The inter-bout distance δ is the result of a complex process involving the inter-bout period τ tuned by the fish and the coupling between body movements and the surrounding medium resulting in bout impulses. The impulse amplitude reads m.u where m is the mass of the larva and u is the impulse speed and depends on the number n of tail beats, the beating period τ_b and tail curvature κ. The distributions of n, τ_b, |κ|, u, τ, and δ are displayed on Figure 4C for the three sensory conditions, as well as the outcome of pairwise two-sample Kolmogorov-Smirnov tests. It appeared that for all these quantities the distributions for the lateral line only and for the visual system only were significantly different, and that the distributions for fishes having both modalities were either very close or undistinguishable from the distributions of the visual system only condition. The visual system thus appeared to be clearly dominant in controlling the swimming patterns during CSS.
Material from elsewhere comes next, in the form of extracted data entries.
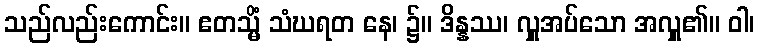
သည်လည်းကောင်း။ ဧတသ္မိံ သံဃရတ နေ၊ ၌။ ဒိန္နဿ၊ လှူအပ်သော အလှူ၏။ ဝါ၊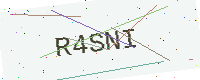
Text: R4SNI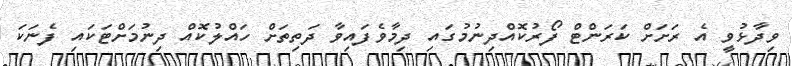
ވިދާޅުވީ އެ ރަށަށް ކަރަންޓް ފޯރުކޮއްދިނުމުގައި ދިމާވެފައިވާ ދަތިތަށް ހައްލުކޮއް ދިނުމަށްޓަކައި ފެނަކަ

2.4. Maturation of the Lateral Line and Visual Systems

To quantify how the CSS evolved with the development of the sensory systems and the associated neural circuits, we exploded the same data according to the age of the larvae (Figure 5). For all sensory modalities and at all age, the average inter-bout distance δ was close to zero (Figure 5F), indicating than an efficient position holding was always performed. However, how this net result was achieved evolved with age in a different manner for the lateral line and the visual system. With the lateral line system only, the number of tail beats per bout n decreased with age (Figure 5A) while the mean absolute tail curvature |κ| and the tail beat period τ_b remained constant (Figures 5B,C). This resulted in a decreasing bout impulse speed u (Figure 5D) which was compensated by a higher swim pace, i.e., a decrease of the inter-bout period τ (Figure 5E). With the visual system only, the number of tail beats per bout also decreased (Figure 5A) but it was directly compensated by an increase of the mean absolute curvature |κ| (Figure 5B) and all other quantities (tail beat period, impulse speed, and inter-bout period) remained constant with age. When the fish had both sensory inputs, all the measured quantities showed similar average values than for the visual system only.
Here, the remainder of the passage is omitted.